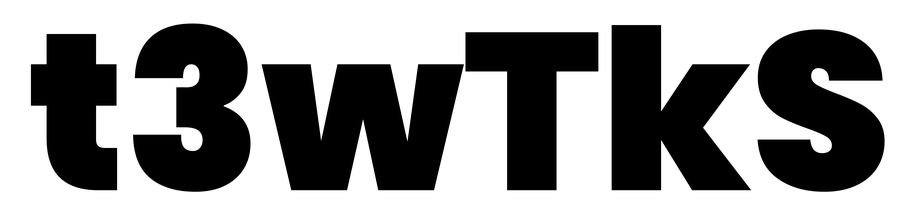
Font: Poppins-Black
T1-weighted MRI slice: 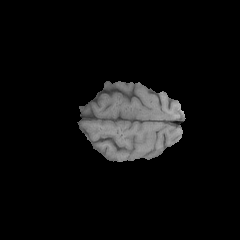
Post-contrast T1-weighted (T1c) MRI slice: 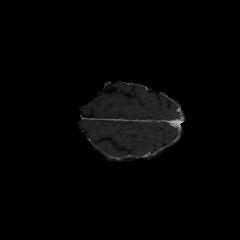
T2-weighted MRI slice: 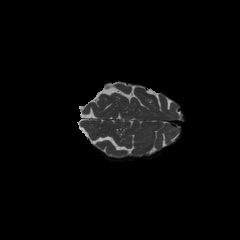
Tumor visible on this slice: no

## What to do
The copy you produce must hold all the records above exactly and none of their pictures.

## Output below
Font: Poppins-Black
T1-weighted MRI slice: 
Post-contrast T1-weighted (T1c) MRI slice: 
T2-weighted MRI slice: 
Tumor visible on this slice: no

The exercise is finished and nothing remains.